Downloading detection model, please wait. This may take several minutes depending upon your network connection.
Downloading recognition model, please wait. This may take several minutes depending upon your network connection.


In [None]:
from langchain_text_splitters import MarkdownHeaderTextSplitter

splitter = MarkdownHeaderTextSplitter(
    headers_to_split_on=[
        ("#", "Header_1"),
        ("##", "Header_2"),
        ("###", "Header_3"),
    ],
)
splits = [split for doc in docs for split in splitter.split_text(doc.page_content)]

for d in splits[:3]:
    print(f"- {d.page_content=}")
print("...")

- d.page_content='Version 1.0  \nChristoph Auer Maksym Lysak Ahmed Nassar Michele Dolfi Nikolaos Livathinos Panos Vagenas Cesar Berrospi Ramis Matteo Omenetti Fabian Lindlbauer Kasper Dinkla Lokesh Mishra Yusik Kim Shubham Gupta Rafael Teixeira de Lima Valery Weber Lucas Morin Ingmar Meijer Viktor Kuropiatnyk Peter W. J. Staar  \nAI4K Group, IBM Research R¨ uschlikon, Switzerland'
- d.page_content='This technical report introduces Docling , an easy to use, self-contained, MITlicensed open-source package for PDF document conversion. It is powered by state-of-the-art specialized AI models for layout analysis (DocLayNet) and table structure recognition (TableFormer), and runs efficiently on commodity hardware in a small resource budget. The code interface allows for easy extensibility and addition of new features and models.'
- d.page_content='Converting PDF documents back into a machine-processable format has been a major challenge for decades due to their huge variability in formats, we

In [7]:
from IPython.display import Markdown

display(Markdown(splits[12].page_content))

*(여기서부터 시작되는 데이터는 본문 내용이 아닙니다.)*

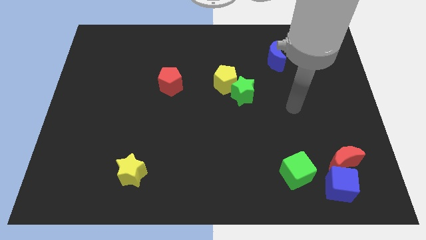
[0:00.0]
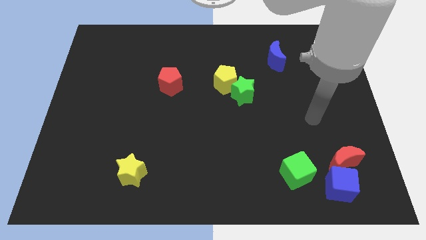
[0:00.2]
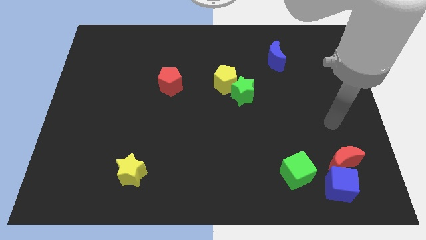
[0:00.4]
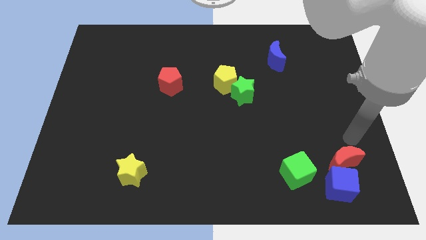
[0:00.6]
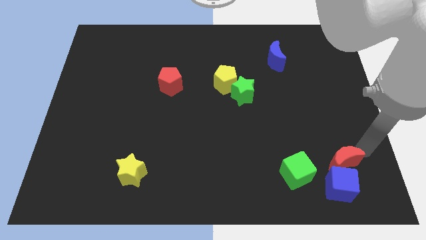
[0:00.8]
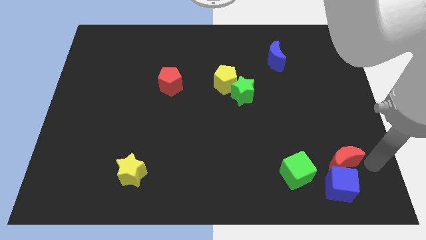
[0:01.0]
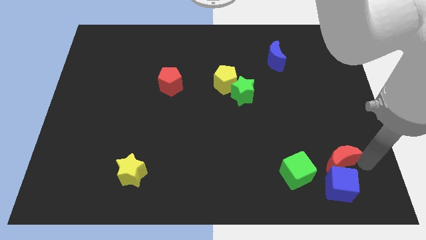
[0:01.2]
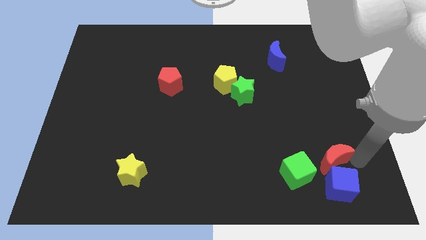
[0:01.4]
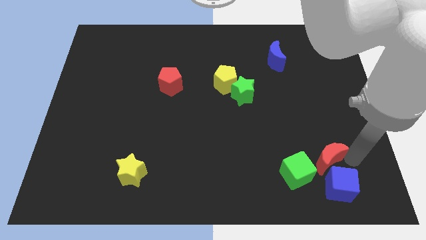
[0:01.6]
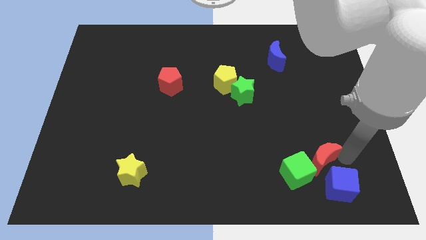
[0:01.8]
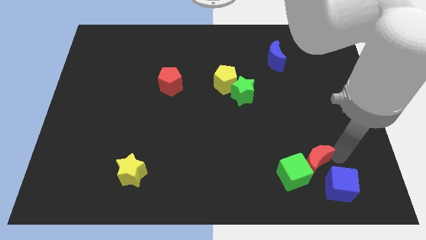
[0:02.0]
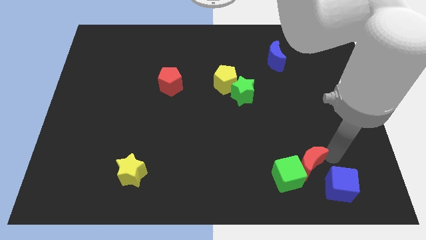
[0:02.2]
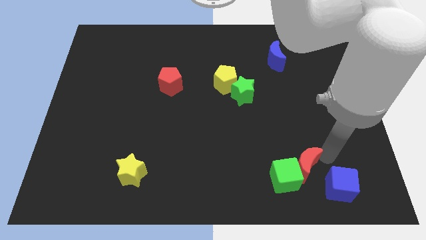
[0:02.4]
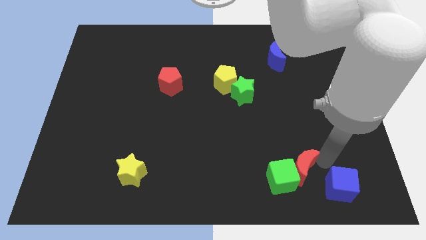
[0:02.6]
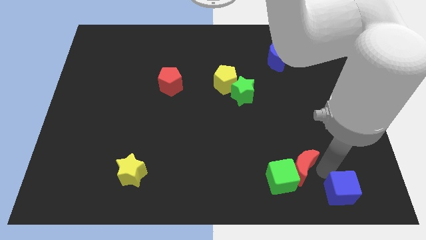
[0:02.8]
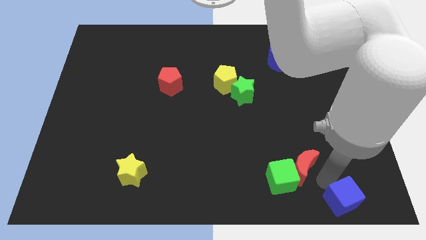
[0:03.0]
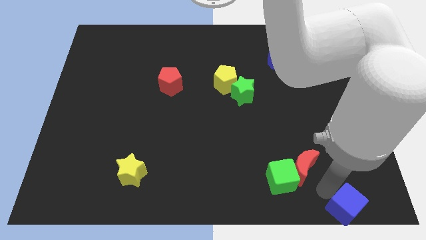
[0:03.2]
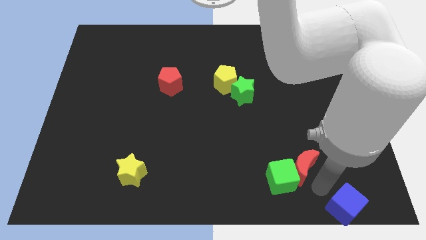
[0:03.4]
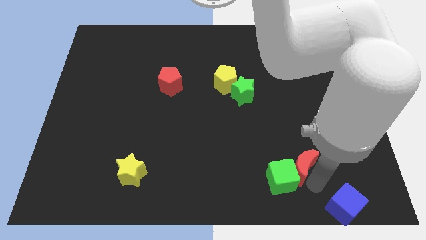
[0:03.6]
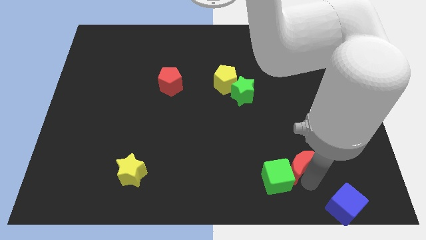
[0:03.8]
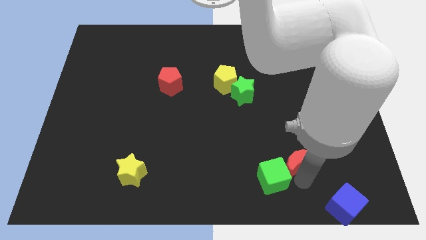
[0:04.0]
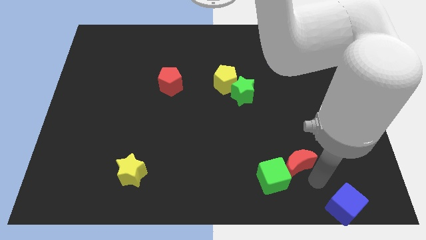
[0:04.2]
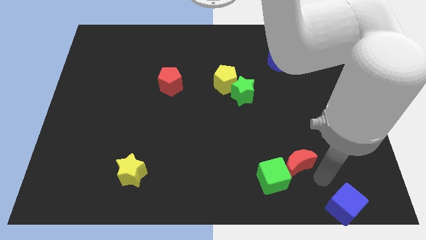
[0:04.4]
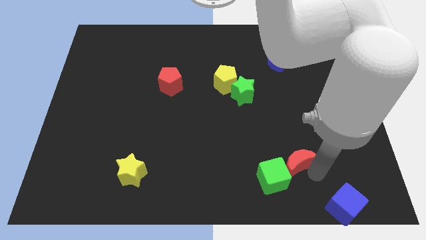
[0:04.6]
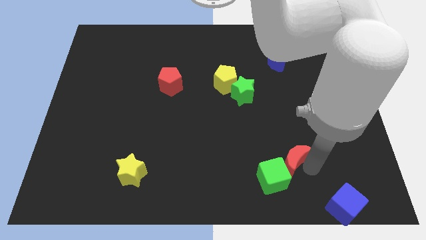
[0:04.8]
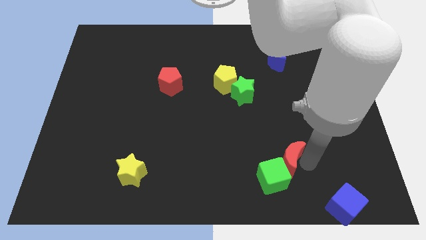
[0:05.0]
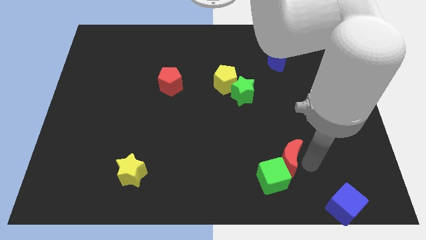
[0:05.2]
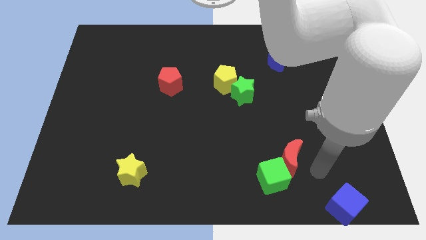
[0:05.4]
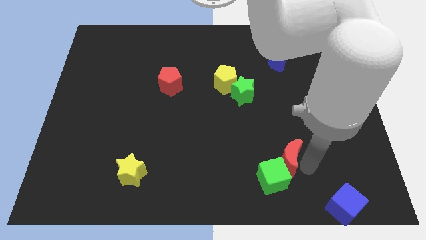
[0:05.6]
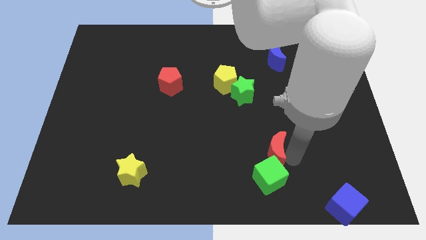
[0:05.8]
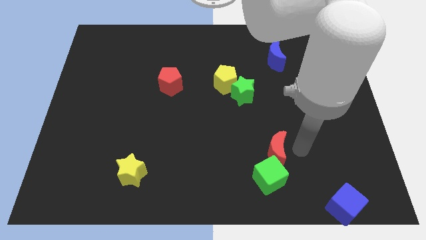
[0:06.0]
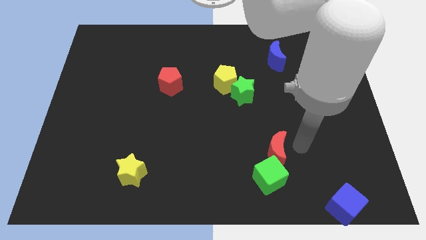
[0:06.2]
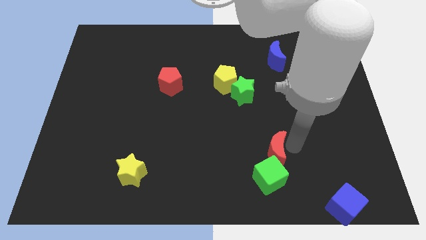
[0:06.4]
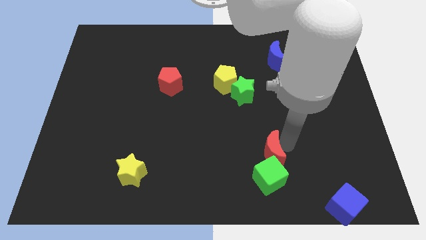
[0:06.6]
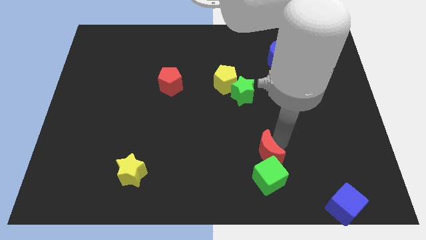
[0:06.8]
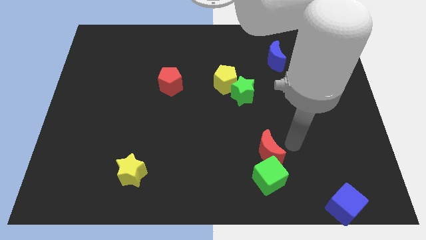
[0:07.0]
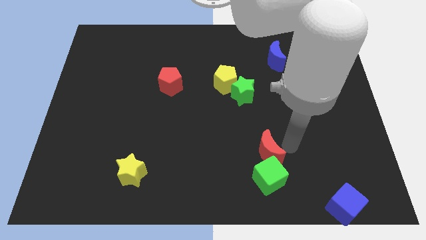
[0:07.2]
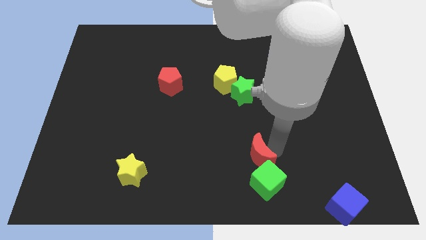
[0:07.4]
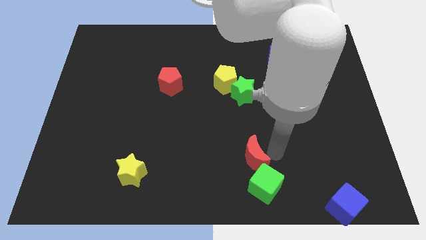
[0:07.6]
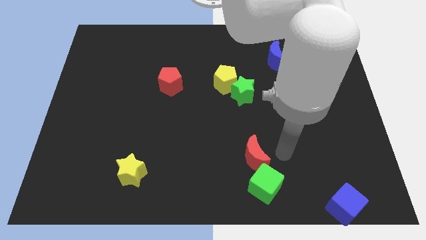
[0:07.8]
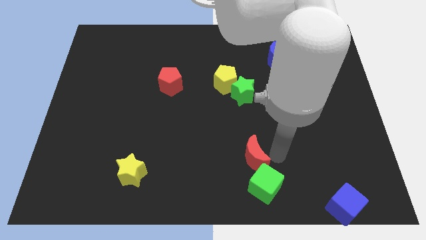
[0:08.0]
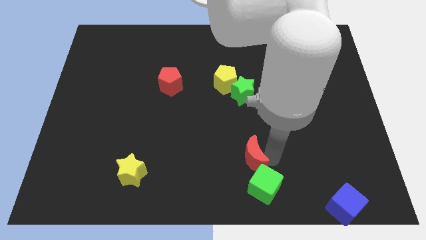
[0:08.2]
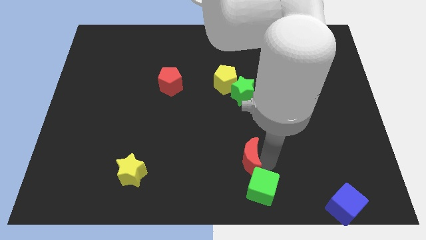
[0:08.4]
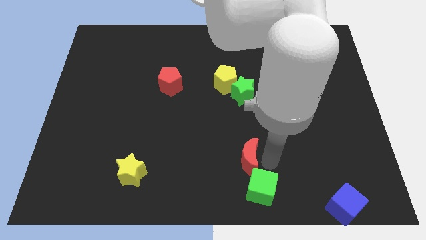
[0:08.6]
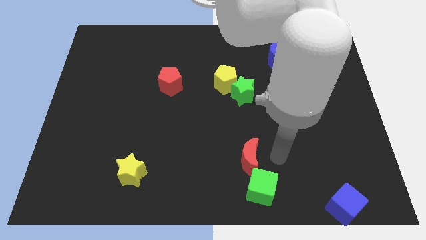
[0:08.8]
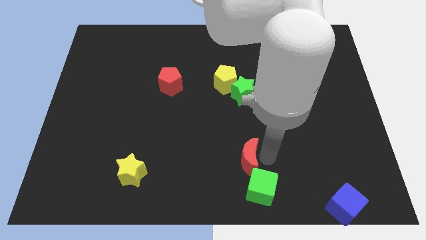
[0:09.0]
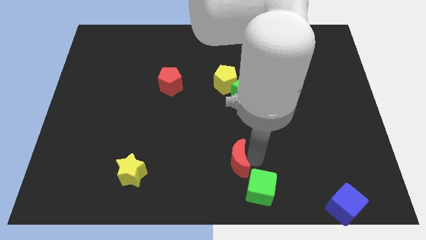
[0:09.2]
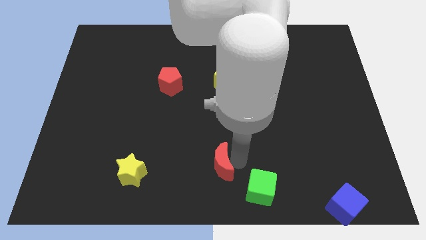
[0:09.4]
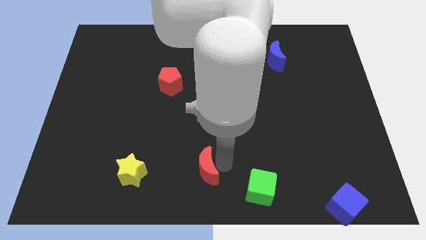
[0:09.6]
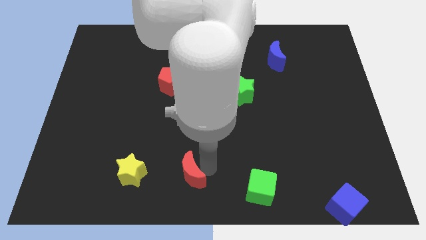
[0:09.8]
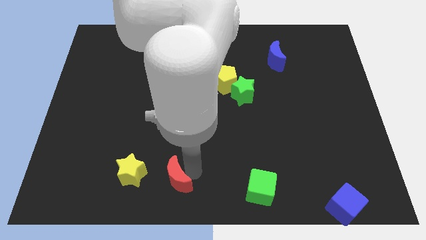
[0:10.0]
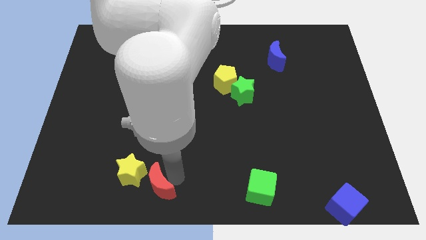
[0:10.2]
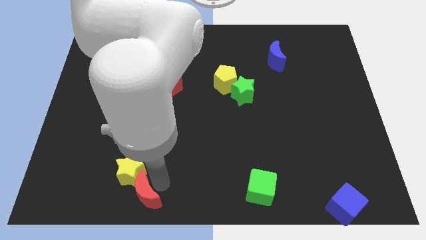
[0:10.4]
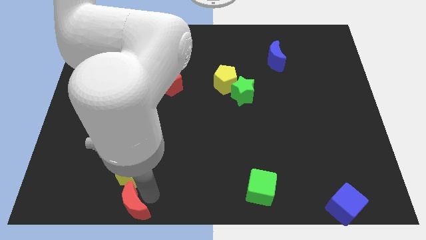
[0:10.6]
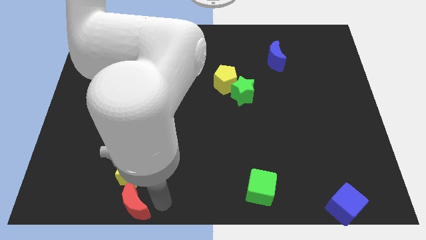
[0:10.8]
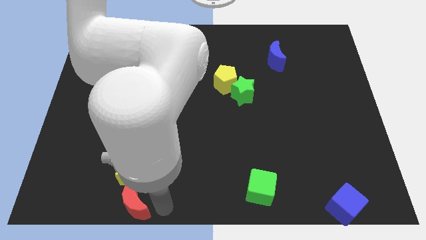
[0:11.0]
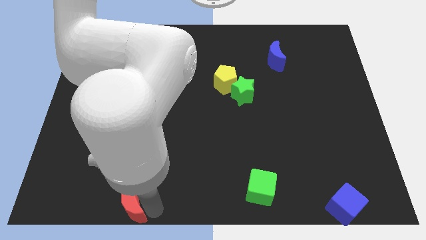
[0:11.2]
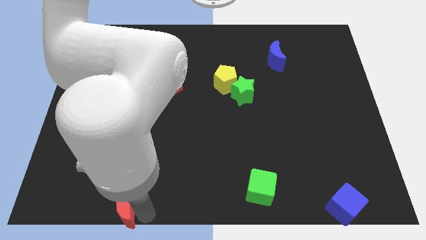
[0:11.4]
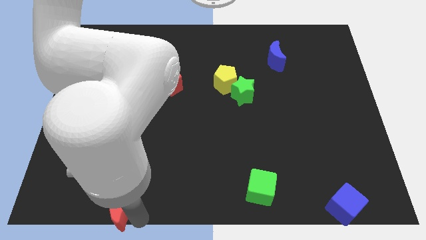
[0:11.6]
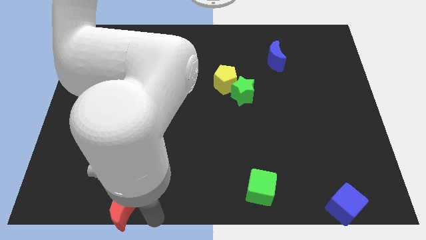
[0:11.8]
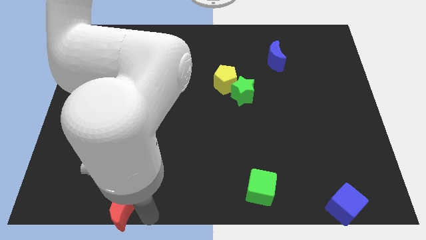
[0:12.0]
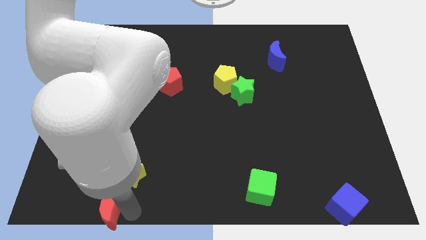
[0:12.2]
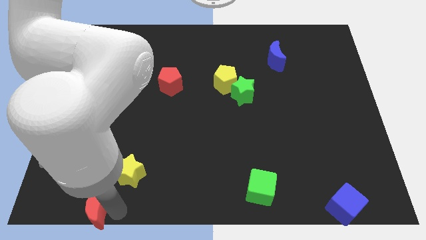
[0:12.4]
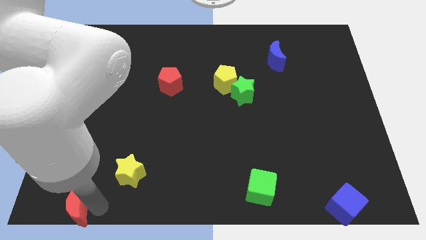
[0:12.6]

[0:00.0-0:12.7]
put the red moon to the bottom left of the board

In this section, we establish some reference numbers for the processing speed of Docling and the resource budget it requires. All tests in this section are run with default options on our standard test set distributed with Docling, which consists of three papers from arXiv and two IBM Redbooks, with a total of 225 pages. Measurements were taken using both available PDF backends on two different hardware systems: one MacBook Pro M3 Max, and one bare-metal server running Ubuntu 20.04 LTS on an Intel Xeon E5-2690 CPU. For reproducibility, we fixed the thread budget (through setting OMP NUM THREADS environment variable ) once to 4 (Docling default) and once to 16 (equal to full core count on the test hardware). All results are shown in Table 1.  
If you need to run Docling in very low-resource environments, please consider configuring the pypdfium backend. While it is faster and more memory efficient than the default docling-parse backend, it will come at the expense of worse quality results, especially in table structure recovery.  
Establishing GPU acceleration support for the AI models is currently work-in-progress and largely untested, but may work implicitly when CUDA is available and discovered by the onnxruntime and  
torch runtimes backing the Docling pipeline. We will deliver updates on this topic at in a future version of this report.  
Table 1: Runtime characteristics of Docling with the standard model pipeline and settings, on our test dataset of 225 pages, on two different systems. OCR is disabled. We show the time-to-solution (TTS), computed throughput in pages per second, and the peak memory used (resident set size) for both the Docling-native PDF backend and for the pypdfium backend, using 4 and 16 threads.  
| CPU                         | Thread budget   | native backend   | native backend   | native backend   | pypdfium backend   | pypdfium backend   | pypdfium backend   |
|-----------------------------|-----------------|------------------|------------------|------------------|--------------------|--------------------|--------------------|
|                             |                 | TTS              | Pages/s          | Mem              | TTS                | Pages/s            | Mem                |
| Apple M3 Max                | 4               | 177 s 167 s      | 1.27 1.34        | 6.20 GB          | 103 s 92 s         | 2.18 2.45          | 2.56 GB            |
| (16 cores) Intel(R) E5-2690 | 16 4 16         | 375 s 244 s      | 0.60 0.92        | 6.16 GB          | 239 s 143 s        | 0.94 1.57          | 2.42 GB            |

In [8]:
from langchain_ollama import OllamaEmbeddings

embeddings = OllamaEmbeddings(
    model="bge-m3:latest",
)

In [9]:
from langchain_qdrant import QdrantVectorStore
from langchain_qdrant import RetrievalMode

vector_store = QdrantVectorStore.from_documents(
    documents=splits,
    embedding=embeddings,
    location=":memory:",
    collection_name="rag_collection_0228",
    retrieval_mode=RetrievalMode.DENSE
)

retriever = vector_store.as_retriever(search_kwargs = {'k':10})

In [13]:
from langchain.retrievers import ContextualCompressionRetriever
from langchain.retrievers.document_compressors import CrossEncoderReranker
from langchain_community.cross_encoders import HuggingFaceCrossEncoder

model = HuggingFaceCrossEncoder(model_name="BAAI/bge-reranker-base")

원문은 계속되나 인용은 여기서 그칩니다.